The Affymetrix exon arrays offer a significant increase in content and a greater utility than their 3' expression arrays. The distribution of probes sets across each exon for some 28,800 genes allows the mapping of splice variants. They feature a new design with no mismatch probes, and a random primed protocol to generate sense DNA targets along the entire length of the transcript. These changes raised uncertainty with regard array performance, but transcript expression has been shown comparable with the 3' platforms with close agreement and similar sensitivity [30
]. The minimal price difference between the platforms makes the exon array an attractive alternative. This pilot study was designed to determine the practicality of implementing these arrays in our laboratory.
Every component of the exon array methodology, from reagents and protocols to quality control and analysis software is different for the exon arrays compared to the previous 3' arrays. Both labeling methodologies take approximately 2 1/2 days with 2 overnight steps (an in vitro
transcription step followed by hybridization on the second night.) However, the Exon protocol has more steps and requires considerably more hands-on time (we estimate double), especially on the second day. A ribosomal RNA reduction step is required prior to RNA labeling to reduce their impact on amplification and labeling because of the random prime labeling strategy. This necessitates the purchase of special equipment for the magnetic bead separation. A scanner autoloader is also required as scan times increased from 12 to 30 minutes per GeneChip with the change in platform. In our laboratory we were able to do manual labeling of 8 samples per run, whereas for the 3' arrays we could do 24. The downstream processing of data is also a challenge. Data sets are much larger and the analysis is performed at several different levels: exon (for alternate splicing) or transcript (for expression levels) using either the core, full or extended probe sets [13
The quality control checks for monitoring the labeling protocol and the hybridized GeneChip were extremely useful. The former could save running poor samples on an array, allowing the labeling to be repeated. The latter prevented the inclusion of technical outliers in the statistical analysis. All our samples easily met the QC criteria. The only disparate data were differences in % rRNA reduction. D0 samples had the lowest average reduction (56%), peaking on D1 (69%) and returning to baseline with D3 and D5 at 67%, and D7 at 61%. These differences were most likely due to increased protein synthetic levels expected for cell proliferation.
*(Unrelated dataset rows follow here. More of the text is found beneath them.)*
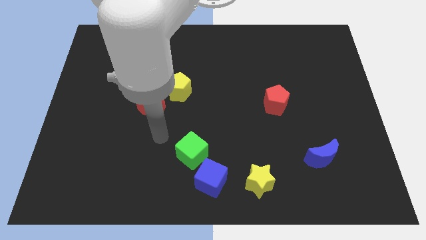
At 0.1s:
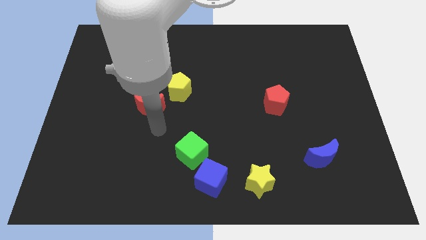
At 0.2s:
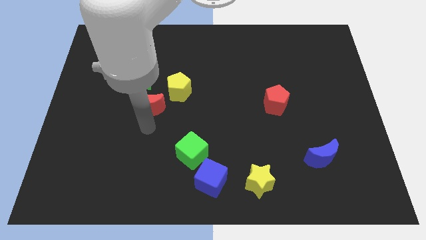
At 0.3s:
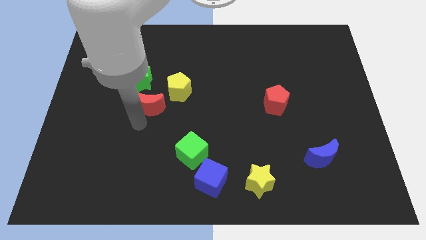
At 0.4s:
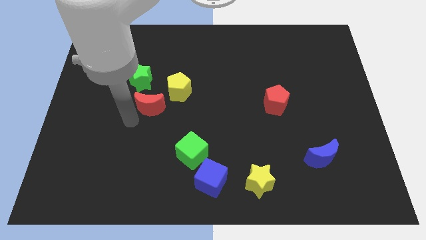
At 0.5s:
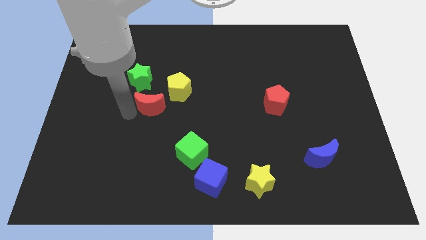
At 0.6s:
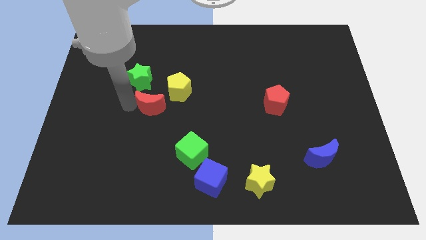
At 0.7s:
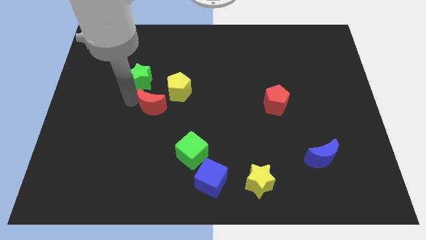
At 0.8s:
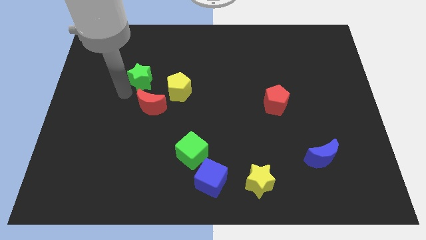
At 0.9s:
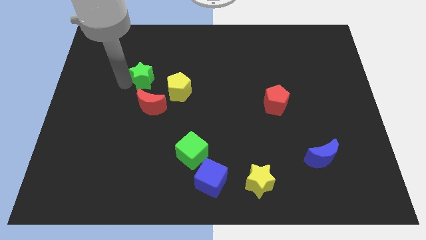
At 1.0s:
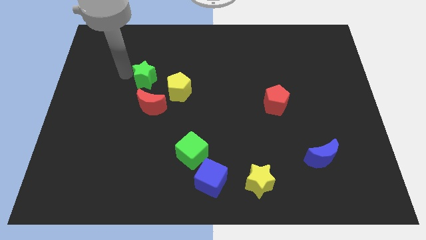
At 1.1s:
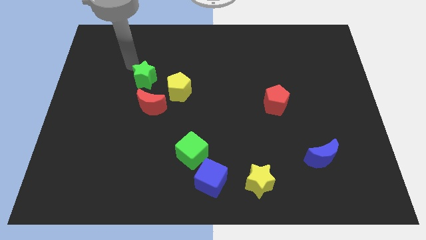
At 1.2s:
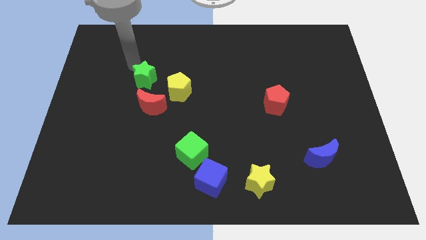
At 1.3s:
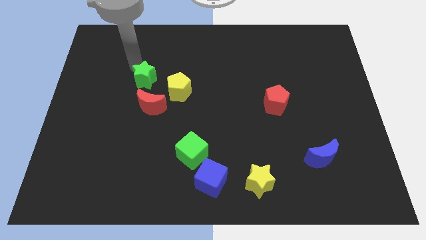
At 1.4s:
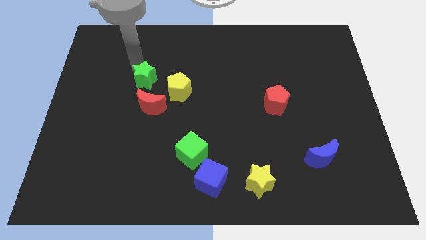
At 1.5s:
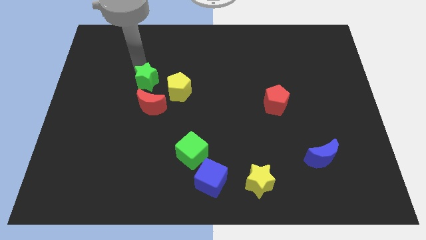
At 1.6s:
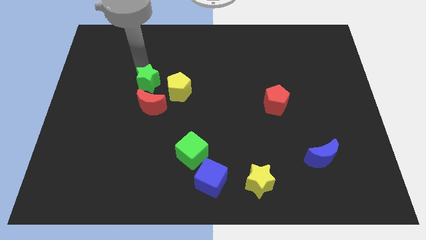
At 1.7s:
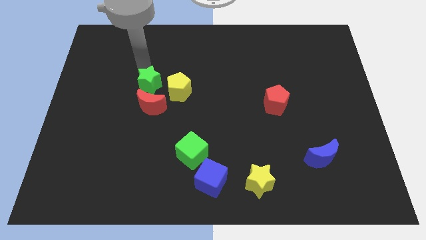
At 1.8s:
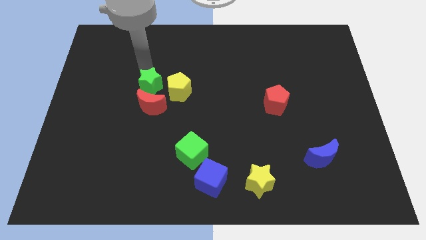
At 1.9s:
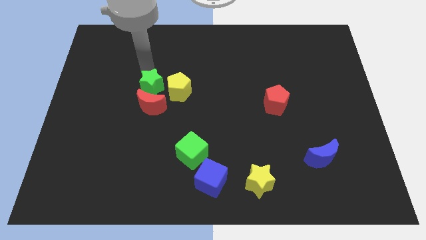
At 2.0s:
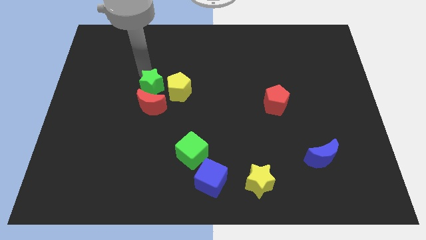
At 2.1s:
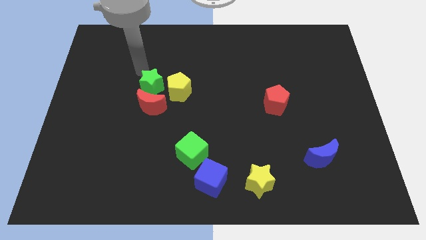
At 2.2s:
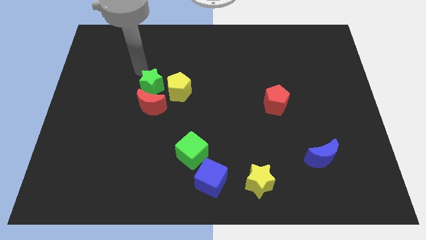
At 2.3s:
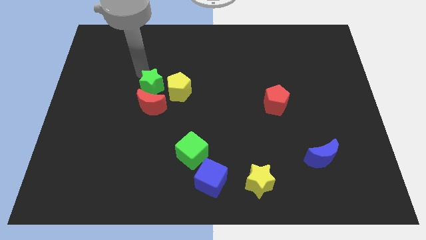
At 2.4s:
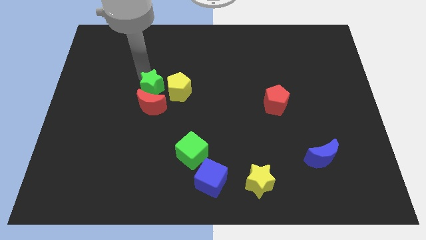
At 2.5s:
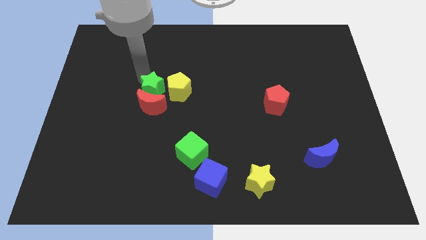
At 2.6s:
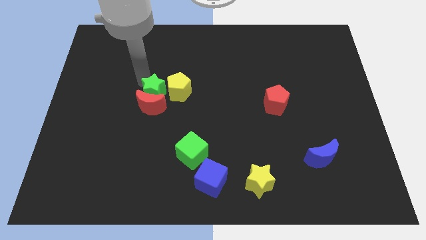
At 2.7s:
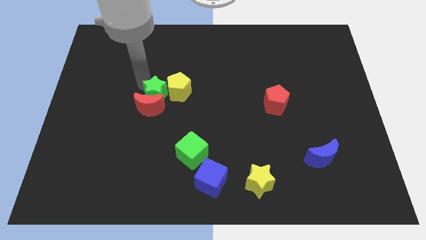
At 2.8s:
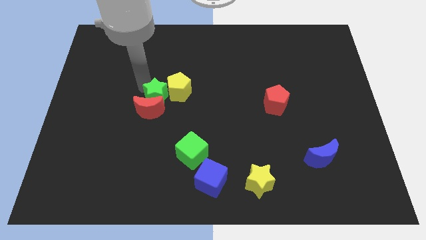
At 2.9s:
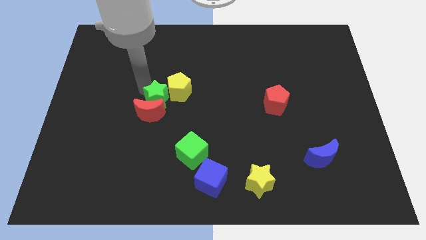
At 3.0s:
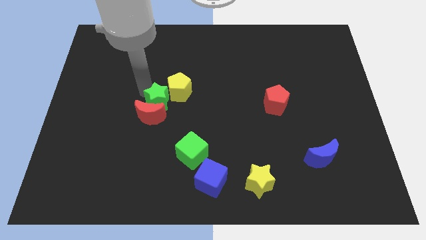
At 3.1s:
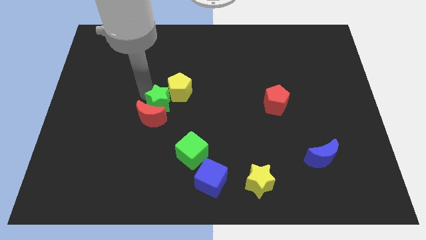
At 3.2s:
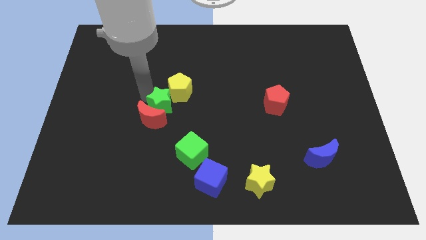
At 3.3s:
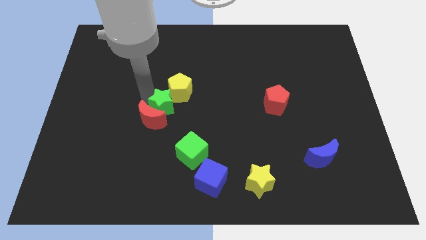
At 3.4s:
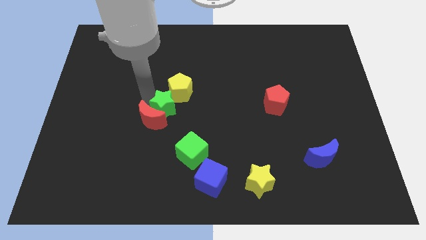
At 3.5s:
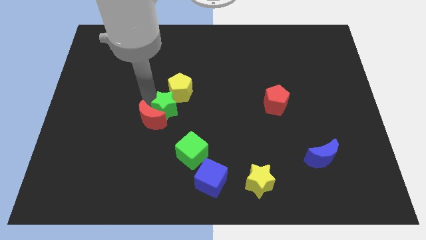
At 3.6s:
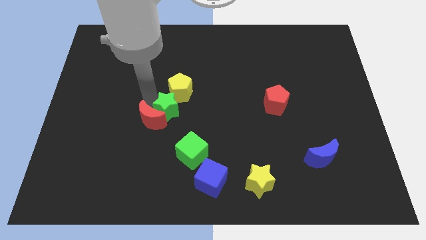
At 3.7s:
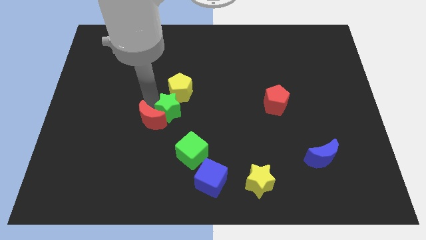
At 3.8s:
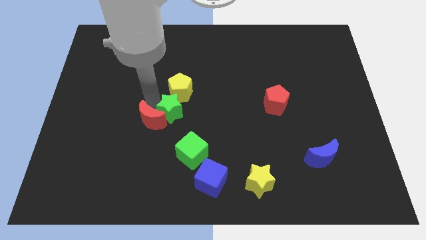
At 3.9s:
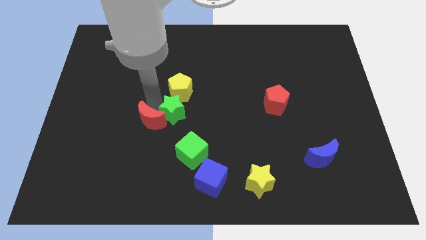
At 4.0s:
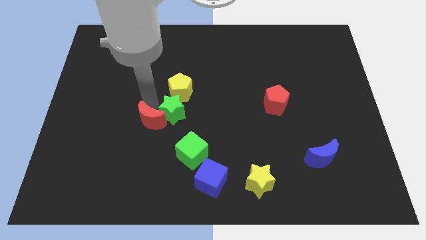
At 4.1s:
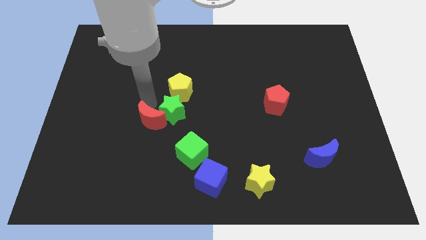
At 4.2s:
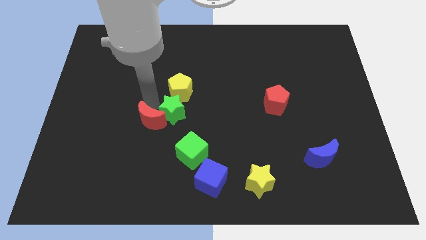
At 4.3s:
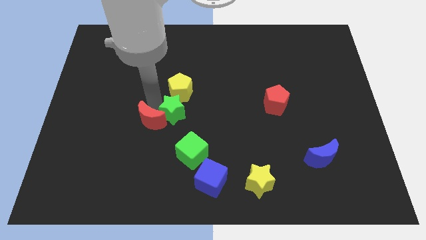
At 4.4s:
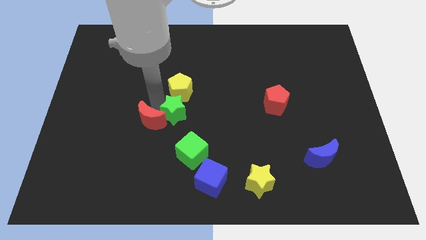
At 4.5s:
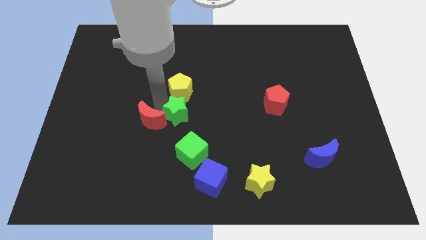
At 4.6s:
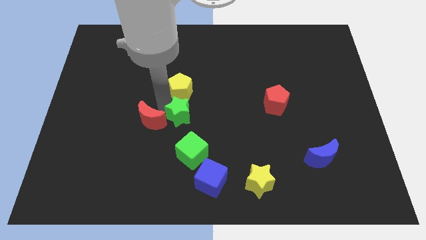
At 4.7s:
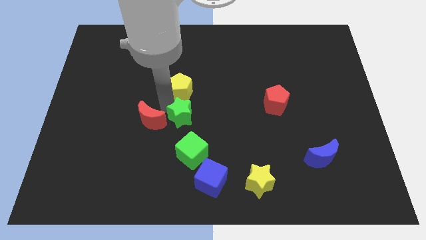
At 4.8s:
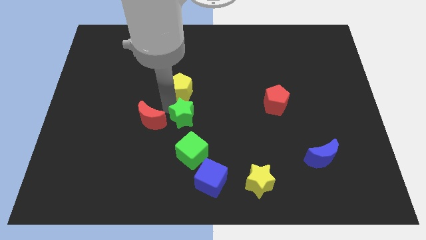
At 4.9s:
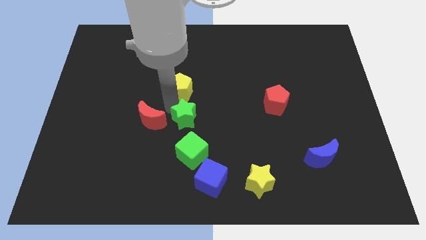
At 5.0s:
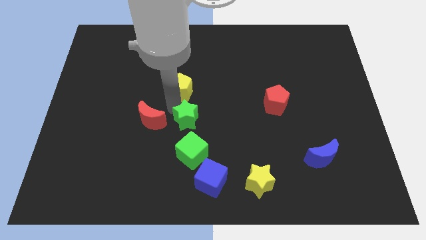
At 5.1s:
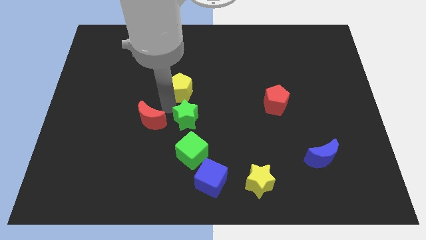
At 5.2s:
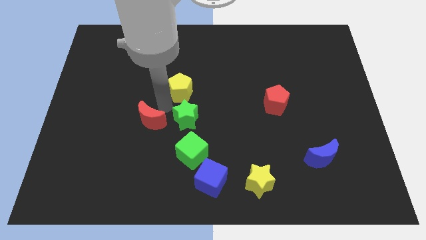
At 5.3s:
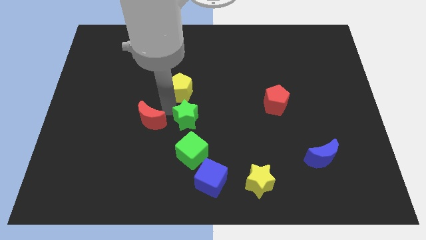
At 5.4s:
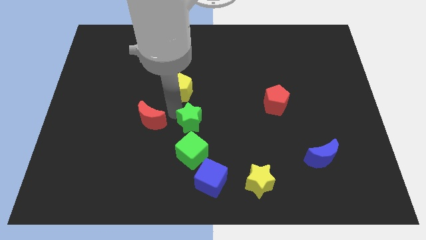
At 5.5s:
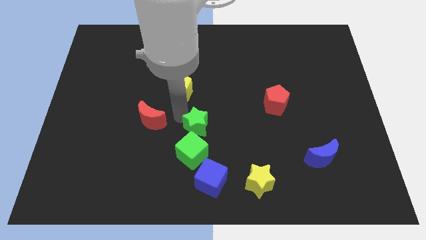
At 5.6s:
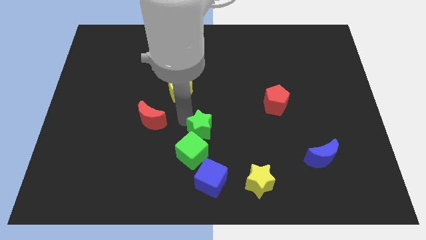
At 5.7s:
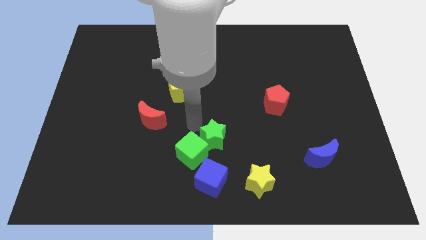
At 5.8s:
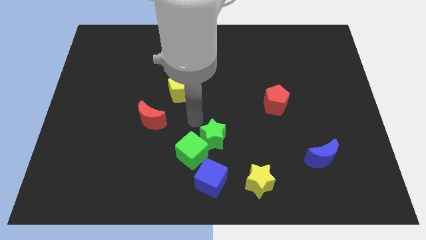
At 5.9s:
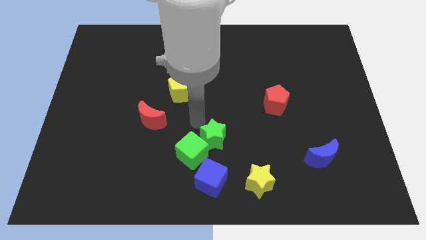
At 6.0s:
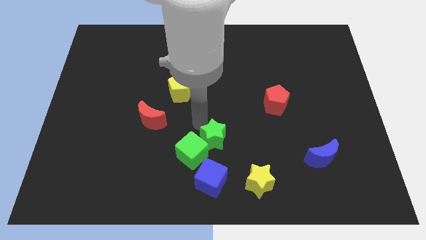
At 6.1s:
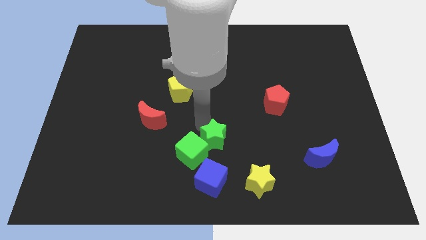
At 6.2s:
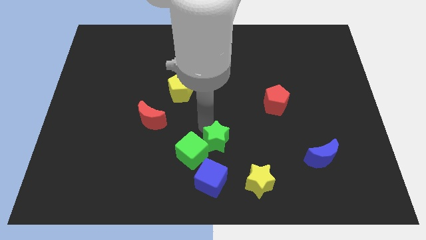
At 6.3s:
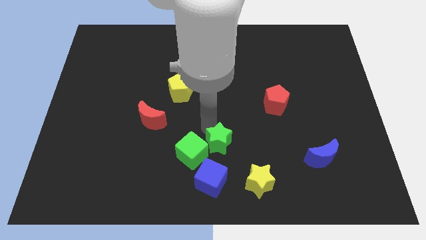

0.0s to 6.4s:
slide the green star diagonally up and to the left of the yellow star

The corroboration of both transcript expression and alternate exon usage data using a different analytical platform adds weight to the value of exon arrays as an analytical tool. Our validation rates by real-time PCR were 86% for expression data, and 71% for alternate exon usage results. Validation rates for alternate exon usage in other studies using Affymetrix exon arrays range from 21 to 84% [33
], some of the fluctuation can probably be attributed to differences in data filtration and no visual inspection of the results, emphasizing the importance of best practice methodologies. The alternate exon usage in many of the transcript clusters identified in this study showed greater complexity than a single exon inclusion or exclusion event, illustrating that more than one alternative splice isoform can be maintained concurrently in the mRNA pool. For this data set, it is not possible to dissect if this reflects changes in the ratios of isoforms associated with physiological variation or reflect changes in the cell sub-populations. It is estimated that more than 75% of genes produce alternative transcripts [36
], contributing to functional diversity in the genome. Therefore there is little question that this is an important component of understanding the complexity of the mammalian transcriptome.
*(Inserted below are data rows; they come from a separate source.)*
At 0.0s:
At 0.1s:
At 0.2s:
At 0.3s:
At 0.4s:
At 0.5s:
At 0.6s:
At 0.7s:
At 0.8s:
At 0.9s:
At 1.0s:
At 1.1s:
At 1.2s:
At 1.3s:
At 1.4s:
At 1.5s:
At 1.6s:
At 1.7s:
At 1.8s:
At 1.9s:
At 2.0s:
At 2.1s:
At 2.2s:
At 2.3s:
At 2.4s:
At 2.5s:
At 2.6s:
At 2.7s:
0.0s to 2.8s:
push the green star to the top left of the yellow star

Implementation of the Affymetrix exon arrays requires a considerable input of time but our results show that the benefits are worth the effort. Probably the most challenging area currently, is the downstream analysis of data, mainly because of the increased data set size.
Much work has been done to characterize the genome-wide transcriptional program of lymphocyte activation and proliferation in a wide range of systems, including cell culture [38
] whole blood [39
], PBMCs [40
] and purified cell populations [38
]. This is a critical step toward understanding the biologic processes involved. The interpretation of expression patterns from mixed cell populations is complicated by variation in relative proportions of the cell subsets. We cannot distinguish between genes that undergo modest changes in a large percentage of cells from those that undergo large changes in a small subpopulation of cells. However, the strength of using mixed cell populations is in considering the interactions of these populations. Regulatory functions may be provided by direct cell-to-cell contact or via cytokine secretion from different cells. To understand the regulatory networks underpinning cellular dynamics both purified and mixed-cell populations need to be studied. The same confounders apply to exon array profiling along with the possible differential compartmentalization of nuclear and cytoplasmic isoforms [43
The majority of transcripts that showed differential expression over time did not show a change in alternate exon usage (87.5%), indicating that distinct networks of regulation are operating. Interestingly, transcripts involving constitutive and alternative splicing regulators (the SR family proteins [40
] such as SFRS2, SFRS7 and SFRS10) were significantly enriched for alternate exon usage indicating auto-regulatory organization at the level of transcript splicing. While most of the alternate exon usage events in this study have previously been described, several new splicing patterns were identified, another benefit to implementing the exon array platform.